Tuohy expects more "poly-use" of readily available marijuana and alcohol, which is already seeing increased consumption worldwide.
It takes longer to build up data on illegal drug consumption, but analysts are watching closely.
Federal confidentiality laws in the US have been relaxed to allow people to access counseling and peer support faster. NAADAC is offering telehealth training, and resources to help clients find services available in their state.
"Whenever there's a natural disaster, we know that relapse goes up, because of anxiety, the fear of the unknown," said Tuohy. "Now we have an ongoing, natural disaster, if you will.
"The longer a crisis goes on, the less hope that people see ... it doesn't feel like there's going to be a light at the end of the tunnel.
"Long term, we're likely to see suicide go up as a result of depression. So I know that the suicide centers are gearing up and the suicide hotlines already are taking calls."
Any disruption to the illicit drug supply will have the biggest effect on the most vulnerable populations. Heavy drug users are more likely to live with multiple people, have respiratory or other health issues or be homeless -- and are therefore more at risk of contracting Covid-19.
"They are in a double tier of vulnerability in that they're more likely to get the virus and they're more likely to be affected negatively by it," said Rolles. "So there's a big responsibility, I think, on society to look after and protect those populations."
If that doesn't happen, hospitals and treatment facilities will face a huge additional strain, he warns.
Governments are conscious of the risks. The UK government has asked local authorities to house all homeless people. Low risk and pregnant prisoners are being released across the world.
Facilities in the US, UK and Canada are allowing stable users to pick up supplies of addiction treatment medications like methadone and buprenorphine once a week or every two weeks instead of daily, but this also presents risks.
Mat Southwell, a drug user and global advocate from Bath in southwest England, told CNN he was delivering a methadone prescription to a woman who cannot pick it up for herself, is suicidal and self harms. She had gone three days without it.

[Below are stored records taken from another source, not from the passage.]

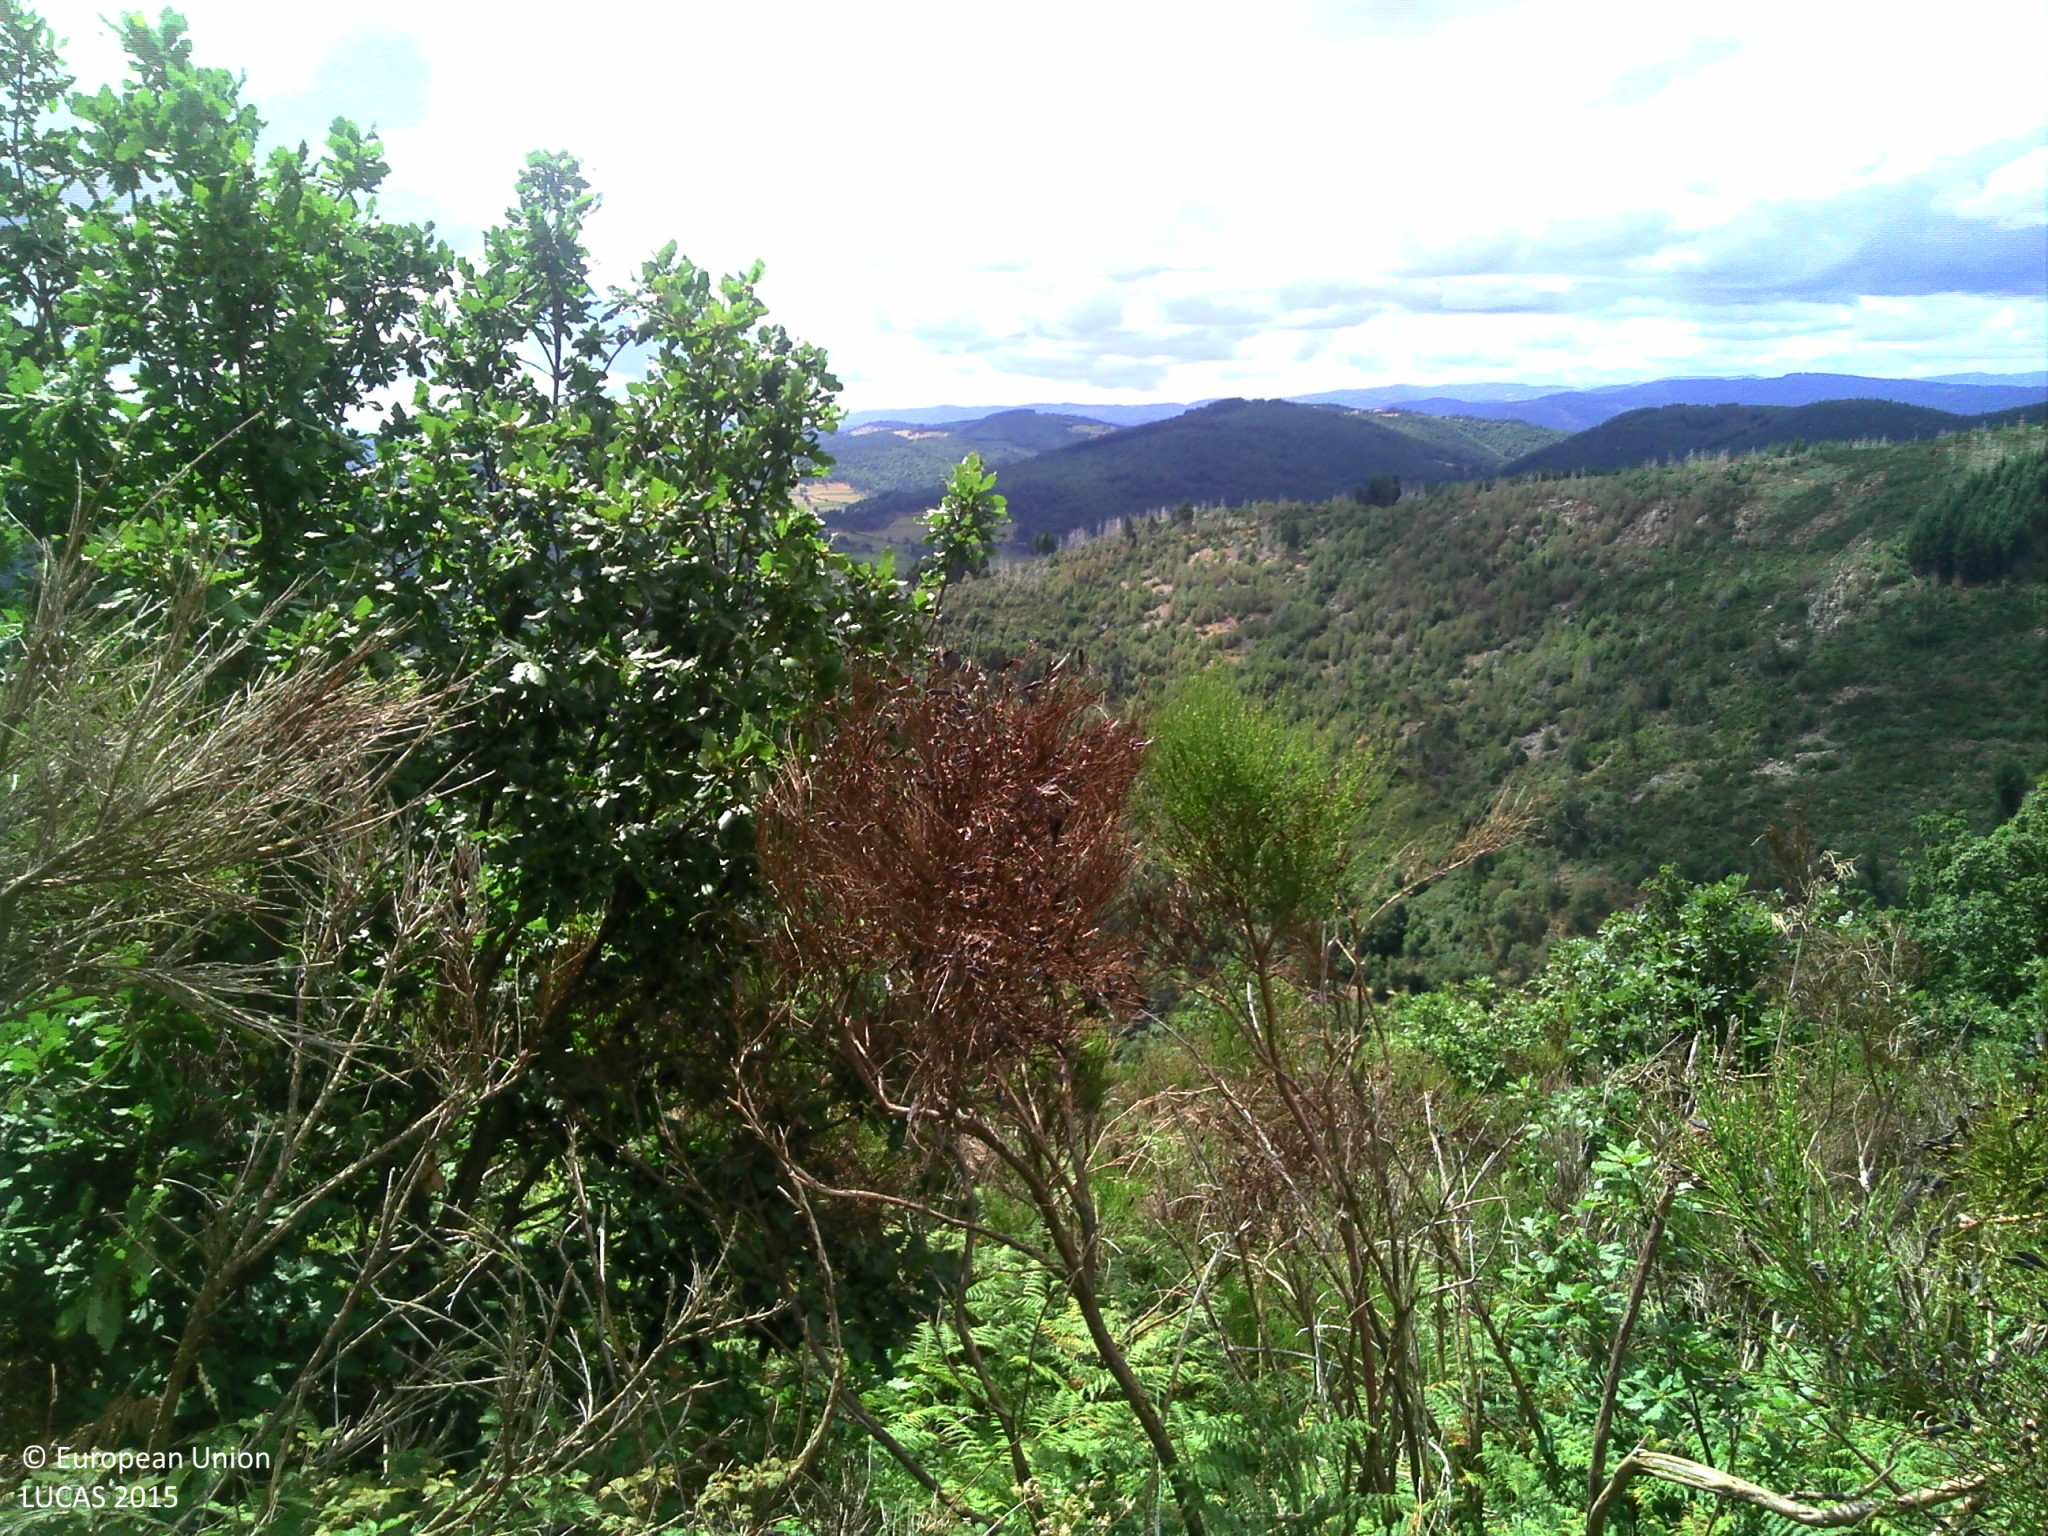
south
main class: Shrubland
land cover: Shrubland with sparse tree cover
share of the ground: > 75 %
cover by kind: shrubs 95 %, broadleaved forest trees 5 %
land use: Semi-natural and natural areas not in use
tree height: < 5 m
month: August
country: FR
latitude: 45.0929
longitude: 4.5539

Will Haydock, from Public Health Dorset also in southwest England, told CNN that UK clinics were seeing an increase in people accessing treatment. He said this was encouraging but warned that for providers already making "significant changes to service design" this was adding to pressure. "It's going to be a real challenge to deal with that influx of people who want support," he said.
"This is a particularly vulnerable group of people, and you're looking at services that are already really stretched.

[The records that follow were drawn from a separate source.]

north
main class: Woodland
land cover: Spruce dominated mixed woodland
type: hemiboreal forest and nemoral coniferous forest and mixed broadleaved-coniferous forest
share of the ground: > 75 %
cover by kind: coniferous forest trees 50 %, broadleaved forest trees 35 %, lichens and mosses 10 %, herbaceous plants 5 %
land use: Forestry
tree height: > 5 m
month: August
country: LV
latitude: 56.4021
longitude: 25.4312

"If we're not able to offer the kind of level of support that we would like to, we will see more people die earlier than they need to."
A spokesperson for the UK's Home Office told CNN it is "monitoring the impacts of coronavirus" and law enforcement are "continuing to prevent drug trafficking and are successfully disrupting the drugs supply within the UK."
The world was already facing a drug crisis before the coronavirus pandemic. The US is in the throes of an opioid epidemic. An estimated 10.3 million Americans ages 12 and older misused opioids in 2018. In 2017, there were more than 70,200 overdose deaths in the US and 47,600 of those deaths involved opioids.
The UK has seen near-record levels of drug-related deaths for six years in a row, and Scotland's death rate is the highest in the European Union.
"I'm very apprehensive about what's happening right now and what's going to happen over the next few weeks to this group of our society who are extremely vulnerable, who've been exposed to adverse experiences, neglect and abuse from childhood onwards, and now risk being put at the back of the queue for support when in fact, they should be in front of it," said Stevens, from the University of Kent.
The coming weeks and months will be crucial in identifying the effects of coronavirus on illegal drug use -- and what it means for all of us.